Una pequeña «cúpula»
Pero, junto a la Congregación General, también hay una Congregación Particular, formada por el camarlengo, el vicecamarlengo y tres cardenales asistentes, que debe «cuidar y administrar los bienes y los derechos temporales de la Santa Sede». «Esta congregación despachará cuestiones más inmediatas y menores», dice Otaduy. Hay que señalar que, tradicionalmente, una de las labores más conocidas realizadas por el camarlengo era la de verificar la defunción del Papa a través de los tradicionales golpes de martillo, así como sellar el estudio y la habitación personal del fallecido.
¿Y durante el cónclave?
A esta extraordinaria situación se suma una dificultad más.
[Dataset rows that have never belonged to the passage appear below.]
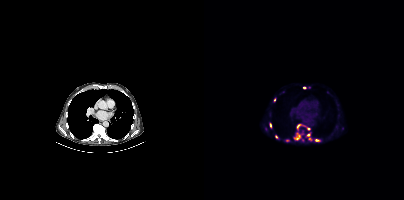
Coordinates are on the 200×200 PET (right) panel. (showing 12 of 14 foci) PSMA-avid tumor lesion bounding boxes (x0, y0)-(x1, y1): (90, 133)-(96, 139) | (111, 139)-(116, 141) | (66, 123)-(67, 127). Small PSMA-avid foci (2 to 4 px across) near (center x, center y): (106, 139) | (70, 100) | (83, 140) | (100, 87) | (94, 126) | (104, 128) | (104, 134) | (72, 136) | (100, 125).
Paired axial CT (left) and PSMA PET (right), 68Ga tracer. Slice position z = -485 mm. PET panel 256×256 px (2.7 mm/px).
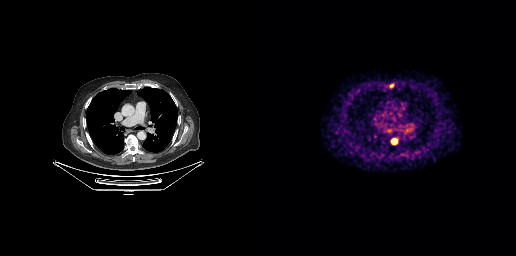
Coordinates are on the 256×256 PET (right) panel. PSMA-avid tumor lesion bounding boxes:
| # | x0 | y0 | x1 | y1 |
|---|---|---|---|---|
| 1 | 132 | 139 | 136 | 143 |
| 2 | 129 | 83 | 134 | 88 |
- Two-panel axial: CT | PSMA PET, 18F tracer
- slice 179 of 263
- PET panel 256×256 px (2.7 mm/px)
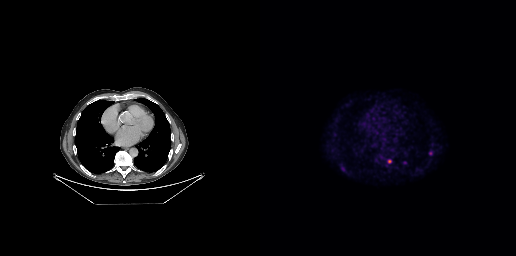
Findings: Coordinates are on the 256×256 PET (right) panel. Small PSMA-avid focus (2 to 4 px across) near (center x, center y): (129, 161).
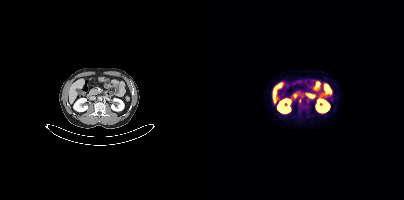
Left: CT. Right: PSMA PET, same axial level, 18F tracer. No PSMA-avid tumor lesions on this slice.
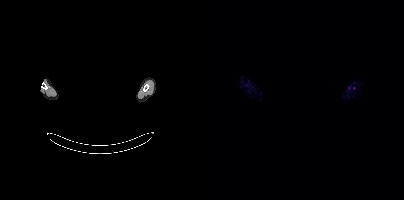
Technique: Two-panel axial: CT | PSMA PET, [18F]PSMA-1007 tracer. slice position z = -832 mm. PET panel 200×200 px (4.1 mm/px).
Note: Privacy masking over the head, with the pixels inside a rectangle set to black.
Findings: Negative for PSMA-avid disease on this slice.
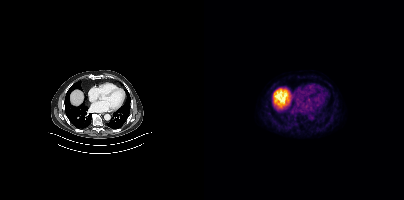
No tumor lesions annotated on this slice.
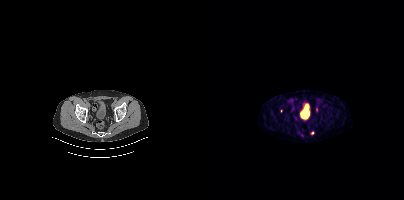
{"modality":"PSMA PET/CT","view":"axial","tracer":"68Ga-PSMA","pet_grid":[200,200],"coord_frame":"pet_panel","coord_format":"x0,y0,x1,y1","partial":true,"lesion_bboxes":[],"small_foci_centers":[[108,133]]}
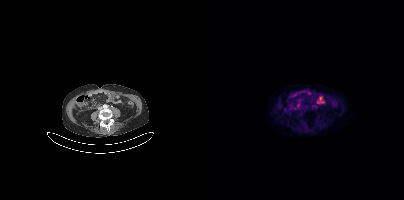
modality: PSMA PET/CT | tracer: [18F]PSMA-1007 | view: axial
Coordinates are on the 200×200 PET (right) panel. PSMA-avid tumor lesion bounding box (x0, y0)-(x1, y1): (108, 105)-(112, 107).
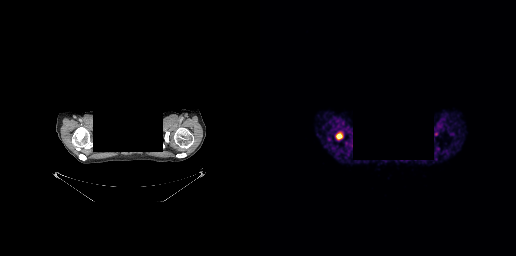
{"pet_grid":[256,256],"coord_frame":"pet_panel","coord_format":"x0,y0,x1,y1","lesion_bboxes":[[76,133,82,138]],"modality":"PSMA PET/CT","view":"axial","tracer":"68Ga","deidentification":"facial region redacted"}
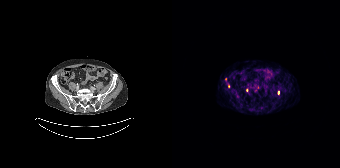
modality: PSMA PET/CT | tracer: 68Ga-PSMA | view: axial | PET grid: 168×168
Coordinates are on the 168×168 PET (right) panel. Small PSMA-avid foci (2 to 4 px across) near (center x, center y): (56, 86) / (74, 90) / (106, 92) / (65, 96).
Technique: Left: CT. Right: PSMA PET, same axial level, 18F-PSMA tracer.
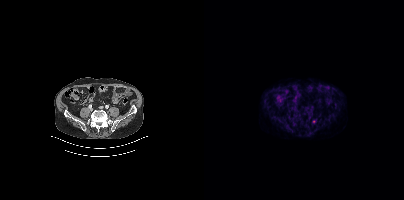
Findings: Negative for PSMA-avid disease on this slice.
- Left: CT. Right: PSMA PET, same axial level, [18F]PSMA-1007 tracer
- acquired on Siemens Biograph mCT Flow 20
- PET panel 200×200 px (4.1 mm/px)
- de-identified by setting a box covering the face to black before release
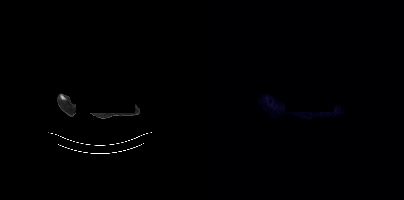
Findings: Negative for PSMA-avid disease on this slice.
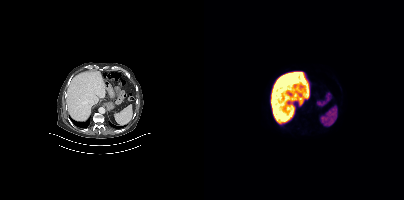
Findings: No PSMA-avid tumor lesions on this slice.
Technique: Paired axial CT (left) and PSMA PET (right), 18F tracer. acquired on Siemens Biograph mCT Flow 20. slice 236 of 395. PET panel 200×200 px (4.1 mm/px).
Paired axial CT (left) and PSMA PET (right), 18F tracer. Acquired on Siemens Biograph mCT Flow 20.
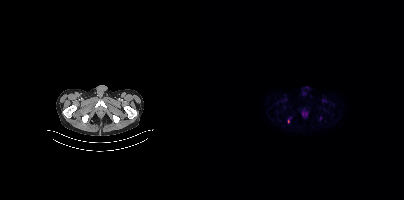
Coordinates are on the 200×200 PET (right) panel. Small PSMA-avid focus (2 to 4 px across) near (center x, center y): (84, 121).
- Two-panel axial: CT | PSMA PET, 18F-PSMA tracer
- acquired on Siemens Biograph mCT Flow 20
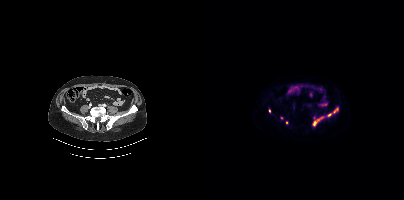
Findings: Coordinates are on the 200×200 PET (right) panel. (showing 6 of 7 foci) PSMA-avid tumor lesion bounding boxes (x, y, width, height): x=109 y=116 w=12 h=10 / x=129 y=107 w=6 h=6. Small PSMA-avid foci (2 to 4 px across) near (center x, center y): (125, 114) / (65, 110) / (77, 117) / (82, 122).
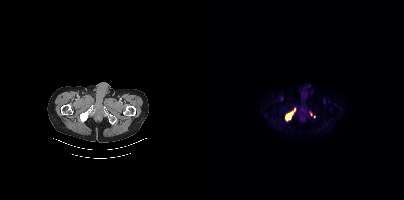
Findings: Coordinates are on the 200×200 PET (right) panel. PSMA-avid tumor lesion bounding box (x, y, width, height): x=82 y=108 w=10 h=13. Small PSMA-avid foci (2 to 4 px across) near (center x, center y): (107, 113) / (110, 116).
- Left: CT. Right: PSMA PET, same axial level, 18F-PSMA tracer
- acquired on Siemens Biograph mCT Flow 20
- PET panel 200×200 px (4.1 mm/px)
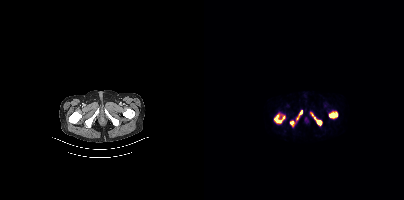
{"modality":"PSMA PET/CT","view":"axial","tracer":"18F","pet_grid":[200,200],"coord_frame":"pet_panel","coord_format":"x0,y0,x1,y1","lesion_bboxes":[[70,114,80,123],[125,112,133,118],[107,113,118,125],[92,110,98,120],[86,120,90,126]]}
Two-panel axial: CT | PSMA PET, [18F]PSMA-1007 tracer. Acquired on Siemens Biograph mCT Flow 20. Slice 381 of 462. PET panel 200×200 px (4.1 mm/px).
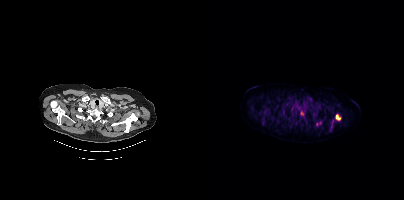
Coordinates are on the 200×200 PET (right) panel. (showing 4 of 5 foci) PSMA-avid tumor lesion bounding boxes (x, y, width, height): x=131 y=114 w=6 h=7; x=96 y=110 w=5 h=6. Small PSMA-avid foci (2 to 4 px across) near (center x, center y): (112, 124); (116, 122).
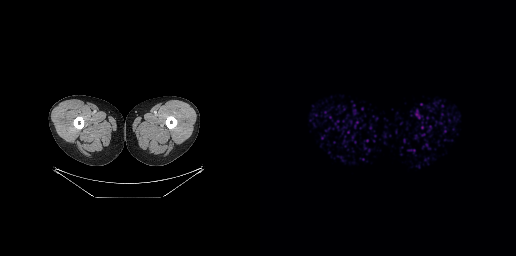
modality: PSMA PET/CT | tracer: 68Ga | view: axial | PET grid: 256×256
Negative for PSMA-avid disease on this slice.
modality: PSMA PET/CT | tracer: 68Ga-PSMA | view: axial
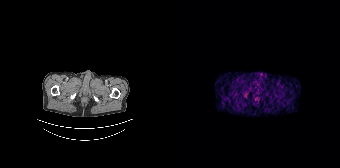
Negative for PSMA-avid disease on this slice.
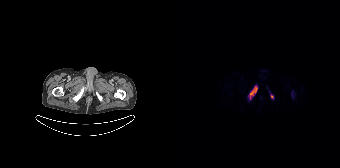
{"pet_grid":[168,168],"coord_frame":"pet_panel","coord_format":"x0,y0,x1,y1","lesion_bboxes":[[77,85,85,99],[99,94,101,98],[120,91,121,96]],"modality":"PSMA PET/CT","view":"axial","tracer":"18F-PSMA"}
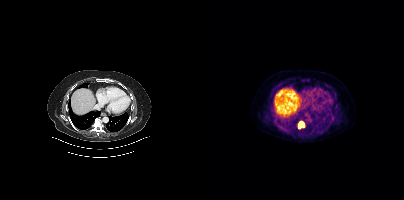
Coordinates are on the 200×200 PET (right) panel. PSMA-avid tumor lesion bounding box (x0, y0)-(x1, y1): (94, 121)-(100, 128). Two-panel axial: CT | PSMA PET, 18F tracer.
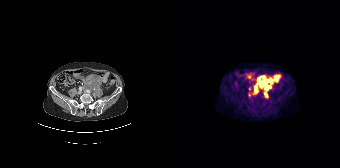
Coordinates are on the 168×168 PET (right) panel. PSMA-avid tumor lesion bounding boxes (x0,y0,x1,y1): [83,75,100,86] [94,86,98,89]. Small PSMA-avid foci (2 to 4 px across) near (center x, center y): (93, 83) (94, 94) (77, 88) (83, 90).
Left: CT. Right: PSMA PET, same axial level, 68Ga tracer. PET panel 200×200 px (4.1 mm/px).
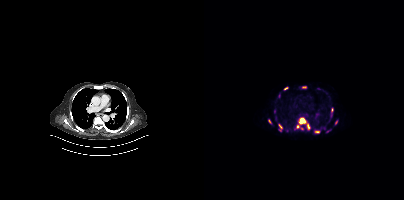
Coordinates are on the 200×200 PET (right) panel. PSMA-avid tumor lesion bounding boxes (x0, y0)-(x1, y1): (92, 118)-(101, 128) / (75, 124)-(78, 130) / (111, 130)-(115, 133) / (103, 124)-(105, 129) / (98, 86)-(102, 88). Small PSMA-avid foci (2 to 4 px across) near (center x, center y): (82, 88) / (128, 110) / (132, 122) / (83, 130) / (65, 121) / (124, 131).
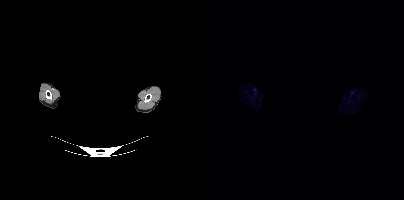
{"modality":"PSMA PET/CT","view":"axial","tracer":"18F-PSMA","pet_grid":[200,200],"coord_frame":"pet_panel","coord_format":"x0,y0,x1,y1","redaction":"rectangular block over head set to black","psma_avid_lesions":false}

Hasta ahora, hemos repasado quién gobierna la Iglesia durante el período vacante. Pero, ¿qué ocurre durante el cónclave que tiene la misión de elegir al sucesor de Benedicto XVI? No en vano, ésta es su misión exclusiva durante el periodo que separa el «extra omnes» del «habemus papam». Y tanto Bertone como Sodano estarán ausentes para otros asuntos. Por ello, la Domini Gregis explica que la gobernanza vaticana estaría entonces en manos del sustituto de la Secretaría de Estado, monseñor Angelo Becciu; el secretario para las Relaciones con los Estados, monseñor Dominique Mamberti; y los secretarios de los Dicasterios de la Curia romana, que conservan la dirección de sus oficinas «y responden de ello ante el Colegio de los Cardenales».
En caso de crisis...
Las constituciones vaticanas no reflejan en ningún caso un «sustituto» temporal del Santo Padre. Ni siquiera en casos extremos. ¿Y si, por ejemplo, una nunciatura se viera amenazada en un país extranjero? ¿Y si se produjera un conflicto internacional en el que un representante de la Iglesia debe pronunciarse? La excepcionalidad de la situación actual provoca que este tipo de cuestiones estén abiertas. «El camarlengo podría tomar una decisión, pero también están las nunciaturas de cada país. Y sería la Congregación General quien realizaría peticiones formarles o pediría ayuda», señala Otaduy. «El camarlengo tiene cierta capacidad de decisión, pero a la vez está muy atado por la normativa. Por ejemplo, si durante estos días llegara un embajador al Vaticano, no habría ningún equivalente al Santo Padre que pudiera recibirle», opina por su parte Francisco Varo, profesor en la Facultad de Teología de la Universidad de Navarra (UNAV) y capellán mayor.